═════ Data for this task

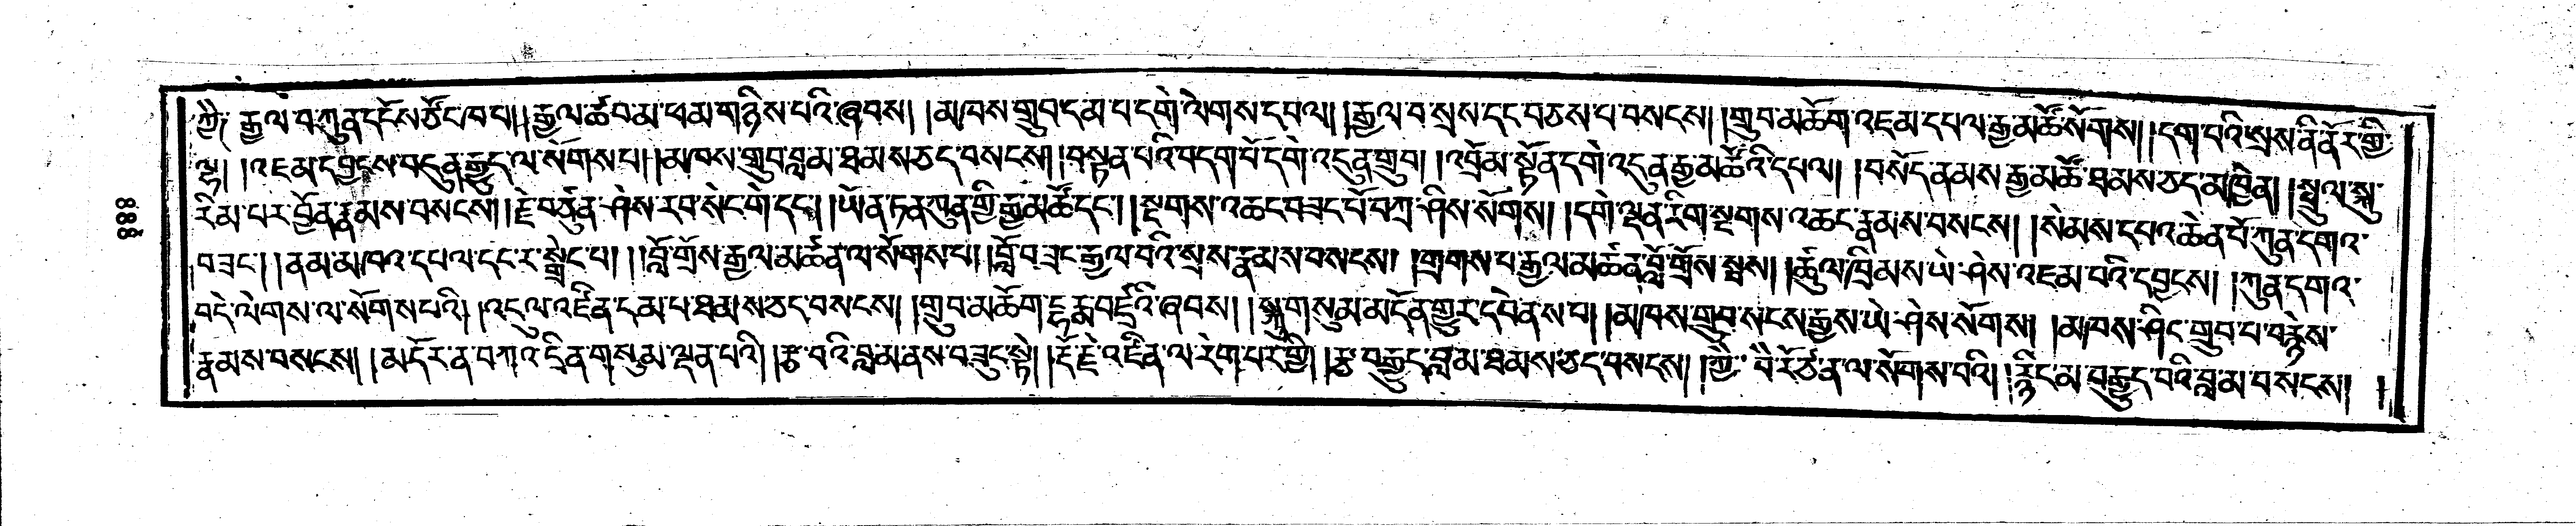ཀྱཻ། རྒྱལ་བ་ཀུན་དངོས་ཙོང་ཁ་པ། །རྒྱལ་ཚབ་མ་ཕམ་གཉིས་པའི་ཞབས། །མཁས་གྲུབ་དམ་པ་དགེ་ལེགས་དཔལ། །རྒྱལ་བ་སྲས་དང་བཅས་པ་བསངས། །གྲུབ་མཆོག་འཇམ་དཔལ་རྒྱ་མཚོ་སོགས། །དག་པའི་སྲས་ནི་ནོར་གྱི་
ལྷ། །འཇམ་དབྱངས་བདུན་རྒྱུད་ལ་སོགས་པ། །མཁས་གྲུབ་བླ་མ་ཐམས་ཅད་བསངས། །བསྟན་པའི་བདག་པོ་དགེ་འདུན་གྲུབ། །འབྲོམ་སྟོན་དགེ་འདུན་རྒྱ་མཚོའི་དཔལ། །བསོད་ནམས་རྒྱ་མཚོ་ཐམས་ཅད་མཁྱེན། །སྤྲུལ་སྐུ་
རིམ་པར་བྱོན་རྣམས་བསངས། །རྗེ་བཙུན་ཤེས་རབ་སེང་གེ་དང་། །ཡོན་ཏན་ཀུན་གྱི་རྒྱ་མཚོ་དང་། །སྔགས་འཆང་བཟང་པོ་བཀྲ་ཤིས་སོགས། །དགེ་ལྡན་རིག་སྔགས་འཆང་རྣམས་བསངས། །སེམས་དཔའ་ཆེན་པོ་ཀུན་དགའ་
བཟང་། །ནམ་མཁའ་དཔལ་དང་ར་སྒྲེང་བ། །བློ་གྲོས་རྒྱལ་མཚན་ལ་སོགས་པ། །བློ་བཟང་རྒྱལ་བའི་སྲས་རྣམས་བསངས། །གྲགས་པ་རྒྱལ་མཚན་བློ་གྲོས་སྦས། །ཚུལ་ཁྲིམས་ཡེ་ཤེས་འཇམ་པའི་དབྱངས། །ཀུན་དགའ་
བདེ་ལེགས་ལ་སོགས་པའི། །འདུལ་འཛིན་དམ་པ་ཐམས་ཅད་བསངས། །གྲུབ་མཆོག་དྷརྨ་བཛྲའི་ཞབས། །སྐུ་གསུམ་མངོན་གྱུར་དབེན་ས་པ། །མཁས་གྲུབ་སངས་རྒྱས་ཡེ་ཤེས་སོགས། །མཁས་ཤིང་གྲུབ་པ་བརྙེས་
རྣམས་བསངས། །མདོར་ན་བཀའ་དྲིན་གསུམ་ལྡན་པའི། །རྩ་བའི་བླ་མ་ནས་བཟུང་སྟེ། །རྡོ་རྗེ་འཛིན་ལ་རེག་བར་གྱི། །རྩ་བརྒྱུད་བླ་མ་ཐམས་ཅད་བསངས། །ཀྱཻ། བཻ་རོ་ཙ་ན་ལ་སོགས་པའི། །རྙིང་མ་བརྒྱུད་པའི་བླ་མ་བསངས། །

══════════

→ **Problem to solve**: Copy every record above exactly, leaving out the pictures.

→ **Answer to this task**:
ཀྱཻ། རྒྱལ་བ་ཀུན་དངོས་ཙོང་ཁ་པ། །རྒྱལ་ཚབ་མ་ཕམ་གཉིས་པའི་ཞབས། །མཁས་གྲུབ་དམ་པ་དགེ་ལེགས་དཔལ། །རྒྱལ་བ་སྲས་དང་བཅས་པ་བསངས། །གྲུབ་མཆོག་འཇམ་དཔལ་རྒྱ་མཚོ་སོགས། །དག་པའི་སྲས་ནི་ནོར་གྱི་
ལྷ། །འཇམ་དབྱངས་བདུན་རྒྱུད་ལ་སོགས་པ། །མཁས་གྲུབ་བླ་མ་ཐམས་ཅད་བསངས། །བསྟན་པའི་བདག་པོ་དགེ་འདུན་གྲུབ། །འབྲོམ་སྟོན་དགེ་འདུན་རྒྱ་མཚོའི་དཔལ། །བསོད་ནམས་རྒྱ་མཚོ་ཐམས་ཅད་མཁྱེན། །སྤྲུལ་སྐུ་
རིམ་པར་བྱོན་རྣམས་བསངས། །རྗེ་བཙུན་ཤེས་རབ་སེང་གེ་དང་། །ཡོན་ཏན་ཀུན་གྱི་རྒྱ་མཚོ་དང་། །སྔགས་འཆང་བཟང་པོ་བཀྲ་ཤིས་སོགས། །དགེ་ལྡན་རིག་སྔགས་འཆང་རྣམས་བསངས། །སེམས་དཔའ་ཆེན་པོ་ཀུན་དགའ་
བཟང་། །ནམ་མཁའ་དཔལ་དང་ར་སྒྲེང་བ། །བློ་གྲོས་རྒྱལ་མཚན་ལ་སོགས་པ། །བློ་བཟང་རྒྱལ་བའི་སྲས་རྣམས་བསངས། །གྲགས་པ་རྒྱལ་མཚན་བློ་གྲོས་སྦས། །ཚུལ་ཁྲིམས་ཡེ་ཤེས་འཇམ་པའི་དབྱངས། །ཀུན་དགའ་
བདེ་ལེགས་ལ་སོགས་པའི། །འདུལ་འཛིན་དམ་པ་ཐམས་ཅད་བསངས། །གྲུབ་མཆོག་དྷརྨ་བཛྲའི་ཞབས། །སྐུ་གསུམ་མངོན་གྱུར་དབེན་ས་པ། །མཁས་གྲུབ་སངས་རྒྱས་ཡེ་ཤེས་སོགས། །མཁས་ཤིང་གྲུབ་པ་བརྙེས་
རྣམས་བསངས། །མདོར་ན་བཀའ་དྲིན་གསུམ་ལྡན་པའི། །རྩ་བའི་བླ་མ་ནས་བཟུང་སྟེ། །རྡོ་རྗེ་འཛིན་ལ་རེག་བར་གྱི། །རྩ་བརྒྱུད་བླ་མ་ཐམས་ཅད་བསངས། །ཀྱཻ། བཻ་རོ་ཙ་ན་ལ་སོགས་པའི། །རྙིང་མ་བརྒྱུད་པའི་བླ་མ་བསངས། །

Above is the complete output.